§ **DATA SHOWN**

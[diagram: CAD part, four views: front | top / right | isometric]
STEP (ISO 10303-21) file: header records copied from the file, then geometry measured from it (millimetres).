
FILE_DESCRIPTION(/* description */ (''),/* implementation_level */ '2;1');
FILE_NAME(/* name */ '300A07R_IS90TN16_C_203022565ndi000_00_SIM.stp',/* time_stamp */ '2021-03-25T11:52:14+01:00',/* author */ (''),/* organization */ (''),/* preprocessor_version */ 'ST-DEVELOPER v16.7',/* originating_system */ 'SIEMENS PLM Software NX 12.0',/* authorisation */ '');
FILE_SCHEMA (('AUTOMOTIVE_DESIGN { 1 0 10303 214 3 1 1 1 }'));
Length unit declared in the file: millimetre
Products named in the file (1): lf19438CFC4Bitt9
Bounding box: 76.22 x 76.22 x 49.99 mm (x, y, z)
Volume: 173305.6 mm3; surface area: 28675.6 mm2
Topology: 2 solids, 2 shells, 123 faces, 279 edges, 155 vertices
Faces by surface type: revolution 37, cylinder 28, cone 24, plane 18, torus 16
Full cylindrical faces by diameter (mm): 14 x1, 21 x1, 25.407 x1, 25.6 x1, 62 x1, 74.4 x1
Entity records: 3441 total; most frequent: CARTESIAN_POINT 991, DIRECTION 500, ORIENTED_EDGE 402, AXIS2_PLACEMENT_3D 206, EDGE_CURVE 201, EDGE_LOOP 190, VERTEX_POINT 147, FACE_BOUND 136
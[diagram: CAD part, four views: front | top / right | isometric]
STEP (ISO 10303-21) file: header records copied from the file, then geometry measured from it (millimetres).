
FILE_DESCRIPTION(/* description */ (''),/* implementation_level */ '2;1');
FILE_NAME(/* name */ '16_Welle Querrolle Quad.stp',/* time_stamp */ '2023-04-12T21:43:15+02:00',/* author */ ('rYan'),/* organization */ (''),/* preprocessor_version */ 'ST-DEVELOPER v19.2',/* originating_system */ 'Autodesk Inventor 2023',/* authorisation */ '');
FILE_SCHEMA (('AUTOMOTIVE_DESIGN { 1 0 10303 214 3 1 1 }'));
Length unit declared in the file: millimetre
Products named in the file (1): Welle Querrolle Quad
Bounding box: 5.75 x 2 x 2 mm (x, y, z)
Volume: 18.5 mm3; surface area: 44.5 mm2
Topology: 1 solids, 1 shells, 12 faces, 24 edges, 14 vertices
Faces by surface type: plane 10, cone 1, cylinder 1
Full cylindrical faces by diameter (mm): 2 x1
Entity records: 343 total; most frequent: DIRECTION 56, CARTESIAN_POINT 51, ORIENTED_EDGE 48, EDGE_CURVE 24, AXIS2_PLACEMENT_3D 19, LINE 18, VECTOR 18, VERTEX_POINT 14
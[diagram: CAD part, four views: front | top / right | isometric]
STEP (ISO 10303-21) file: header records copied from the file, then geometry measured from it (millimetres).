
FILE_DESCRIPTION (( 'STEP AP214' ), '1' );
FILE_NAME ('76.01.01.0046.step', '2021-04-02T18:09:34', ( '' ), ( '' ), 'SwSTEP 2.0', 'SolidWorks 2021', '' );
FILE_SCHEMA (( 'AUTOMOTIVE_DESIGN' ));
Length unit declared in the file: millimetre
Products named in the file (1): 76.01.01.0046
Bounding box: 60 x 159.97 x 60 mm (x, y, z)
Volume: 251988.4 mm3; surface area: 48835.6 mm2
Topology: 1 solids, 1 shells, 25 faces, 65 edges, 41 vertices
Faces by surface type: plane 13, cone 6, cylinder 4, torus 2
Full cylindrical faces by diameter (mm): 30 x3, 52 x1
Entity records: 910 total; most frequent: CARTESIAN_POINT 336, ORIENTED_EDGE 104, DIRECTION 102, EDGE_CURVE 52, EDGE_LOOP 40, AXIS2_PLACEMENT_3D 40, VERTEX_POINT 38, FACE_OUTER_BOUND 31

§ **WHAT IS NEEDED**
Repeat every record above. Each one must match exactly.

§ **EXERCISE RESPONSE**
[diagram: CAD part, four views: front | top / right | isometric]
STEP (ISO 10303-21) file: header records copied from the file, then geometry measured from it (millimetres).
FILE_DESCRIPTION(/* description */ (''),/* implementation_level */ '2;1');
FILE_NAME(/* name */ '300A07R_IS90TN16_C_203022565ndi000_00_SIM.stp',/* time_stamp */ '2021-03-25T11:52:14+01:00',/* author */ (''),/* organization */ (''),/* preprocessor_version */ 'ST-DEVELOPER v16.7',/* originating_system */ 'SIEMENS PLM Software NX 12.0',/* authorisation */ '');
FILE_SCHEMA (('AUTOMOTIVE_DESIGN { 1 0 10303 214 3 1 1 1 }'));
Length unit declared in the file: millimetre
Products named in the file (1): lf19438CFC4Bitt9
Bounding box: 76.22 x 76.22 x 49.99 mm (x, y, z)
Volume: 173305.6 mm3; surface area: 28675.6 mm2
Topology: 2 solids, 2 shells, 123 faces, 279 edges, 155 vertices
Faces by surface type: revolution 37, cylinder 28, cone 24, plane 18, torus 16
Full cylindrical faces by diameter (mm): 14 x1, 21 x1, 25.407 x1, 25.6 x1, 62 x1, 74.4 x1
Entity records: 3441 total; most frequent: CARTESIAN_POINT 991, DIRECTION 500, ORIENTED_EDGE 402, AXIS2_PLACEMENT_3D 206, EDGE_CURVE 201, EDGE_LOOP 190, VERTEX_POINT 147, FACE_BOUND 136
[diagram: CAD part, four views: front | top / right | isometric]
STEP (ISO 10303-21) file: header records copied from the file, then geometry measured from it (millimetres).
FILE_DESCRIPTION(/* description */ (''),/* implementation_level */ '2;1');
FILE_NAME(/* name */ '16_Welle Querrolle Quad.stp',/* time_stamp */ '2023-04-12T21:43:15+02:00',/* author */ ('rYan'),/* organization */ (''),/* preprocessor_version */ 'ST-DEVELOPER v19.2',/* originating_system */ 'Autodesk Inventor 2023',/* authorisation */ '');
FILE_SCHEMA (('AUTOMOTIVE_DESIGN { 1 0 10303 214 3 1 1 }'));
Length unit declared in the file: millimetre
Products named in the file (1): Welle Querrolle Quad
Bounding box: 5.75 x 2 x 2 mm (x, y, z)
Volume: 18.5 mm3; surface area: 44.5 mm2
Topology: 1 solids, 1 shells, 12 faces, 24 edges, 14 vertices
Faces by surface type: plane 10, cone 1, cylinder 1
Full cylindrical faces by diameter (mm): 2 x1
Entity records: 343 total; most frequent: DIRECTION 56, CARTESIAN_POINT 51, ORIENTED_EDGE 48, EDGE_CURVE 24, AXIS2_PLACEMENT_3D 19, LINE 18, VECTOR 18, VERTEX_POINT 14
[diagram: CAD part, four views: front | top / right | isometric]
STEP (ISO 10303-21) file: header records copied from the file, then geometry measured from it (millimetres).
FILE_DESCRIPTION (( 'STEP AP214' ), '1' );
FILE_NAME ('76.01.01.0046.step', '2021-04-02T18:09:34', ( '' ), ( '' ), 'SwSTEP 2.0', 'SolidWorks 2021', '' );
FILE_SCHEMA (( 'AUTOMOTIVE_DESIGN' ));
Length unit declared in the file: millimetre
Products named in the file (1): 76.01.01.0046
Bounding box: 60 x 159.97 x 60 mm (x, y, z)
Volume: 251988.4 mm3; surface area: 48835.6 mm2
Topology: 1 solids, 1 shells, 25 faces, 65 edges, 41 vertices
Faces by surface type: plane 13, cone 6, cylinder 4, torus 2
Full cylindrical faces by diameter (mm): 30 x3, 52 x1
Entity records: 910 total; most frequent: CARTESIAN_POINT 336, ORIENTED_EDGE 104, DIRECTION 102, EDGE_CURVE 52, EDGE_LOOP 40, AXIS2_PLACEMENT_3D 40, VERTEX_POINT 38, FACE_OUTER_BOUND 31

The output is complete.